Le résultat fut de rendre au visage de Mme Destol son aspect naturel et de transporter le maquillage multicolore dont ce visage était chargé sur la serviette qui devint ainsi pareille à la plus capricieusement bigarrée des palettes.

Le résultat fut aussi, enfin, de rendre ses esprits à Mme Destol. Elle ouvrit des yeux encore hagards et se remonta légèrement, aidée de ses soigneurs, dans le fauteuil où ils l’avaient déposée.

— Là, ça va mieux ? Là, ça va mieux ? disait le bon Valnais.

Cependant, le commissaire de police continuait son enquête. Il interrogeait, après le garçon d’étage, le portier qui avait vu entrer le « grand jeune homme brun » et qui déclarait que celui-ci était déjà venu dans la journée, et le valet de chambre qui avait entendu la dispute et qui avait dit à son collègue Manuel « Ça chauffe là-dedans » ; enfin, le maître d’hôtel qui, au dîner, avait servi Baratof et l’inconnu.

Ce dernier employé du Nouveau-Palace déclara que les deux hommes, pendant les moments de leur repas où il était présent, n’avaient échangé que des propos insignifiants. Ils semblaient en bons termes et même sur un pied de familiarité puisqu’ils se tutoyaient et s’appelaient par leurs noms : Baratof, Gérard.
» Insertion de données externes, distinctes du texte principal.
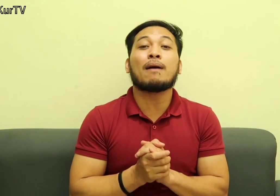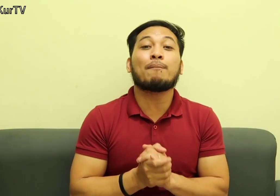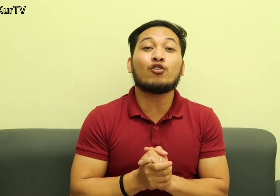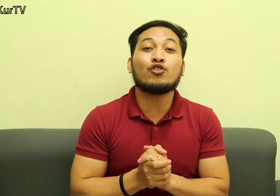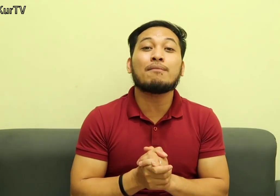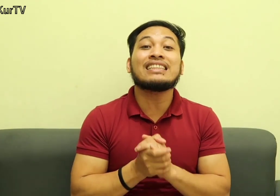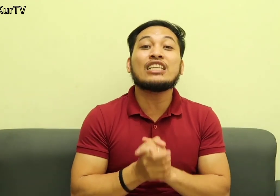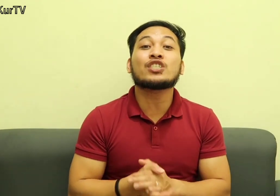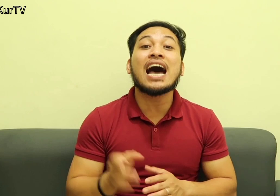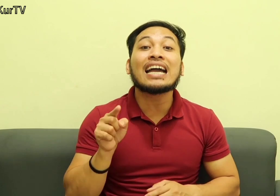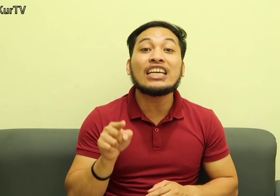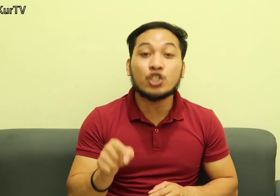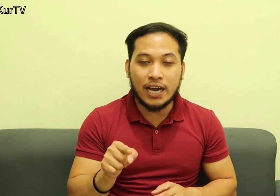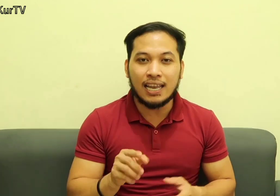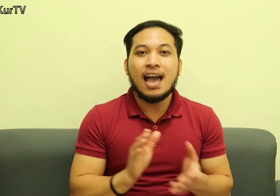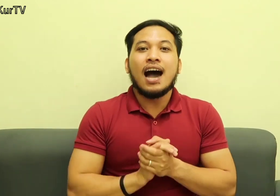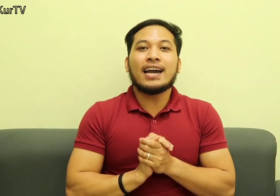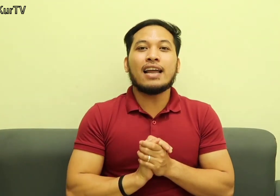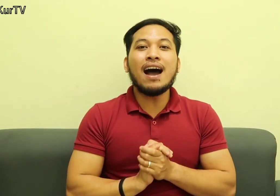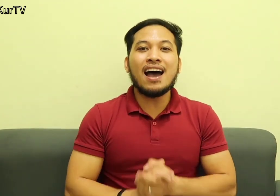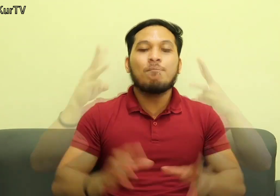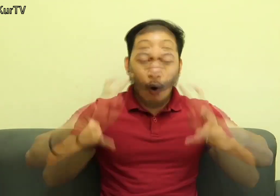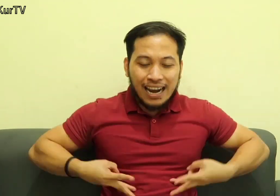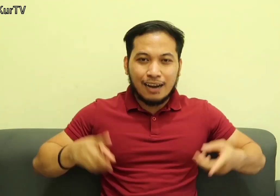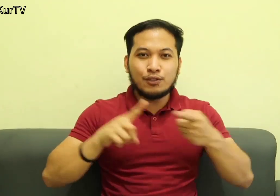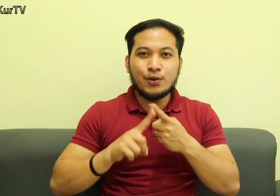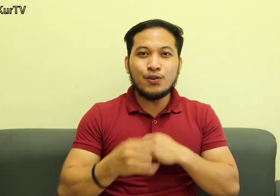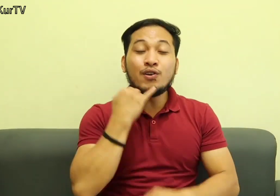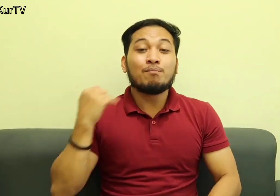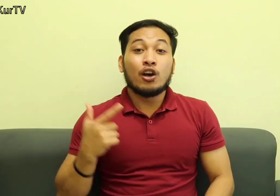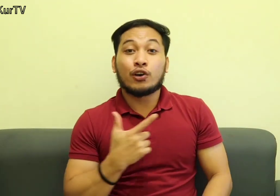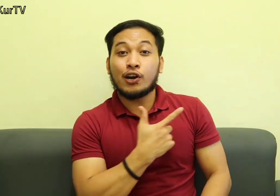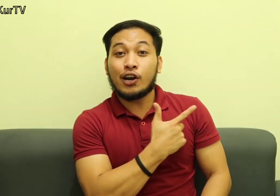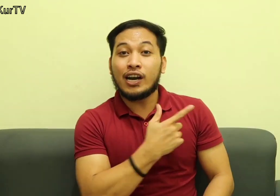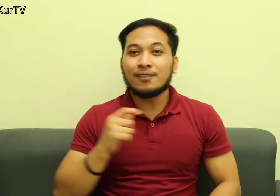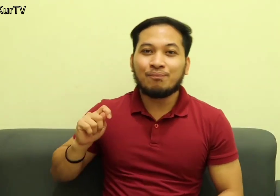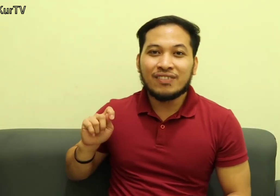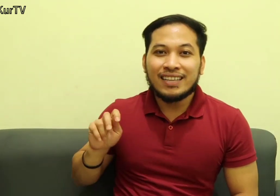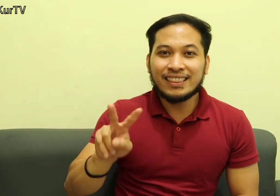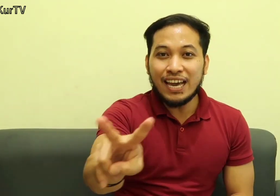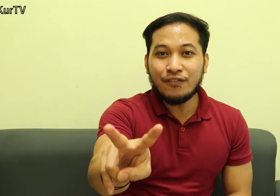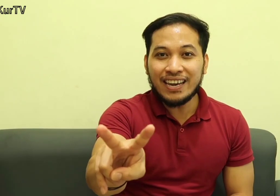mapapanood nyo lamang dito sa aking channel kaya naman welcome to CURT TV

— Vous ne pouviez pas dire ça tout de suite, s’écria le commissaire. Il s’appelle Gérard ? C’est un renseignement.

Cet estimable magistrat avait de l’ambition. Il eût voulu, dans cette affaire qui apparaissait comme sensationnelle, obtenir un résultat décisif avant l’arrivée du juge d’instruction et des représentants de la police judiciaire. Mais, à la réflexion, il dut reconnaître que le renseignement était mince. Gérard, un simple prénom, et qui n’était peut-être même pas le vrai prénom de l’inconnu…

Que cet inconnu fût l’assassin, le commissaire n’en doutait pas, et chaque détail nouveau qu’il relevait renforçait sa conviction. La nature de l’assassinat ? Querelle soudaine, ou crime prémédité. Le mobile ? Vengeance, ou rivalité, ou vol.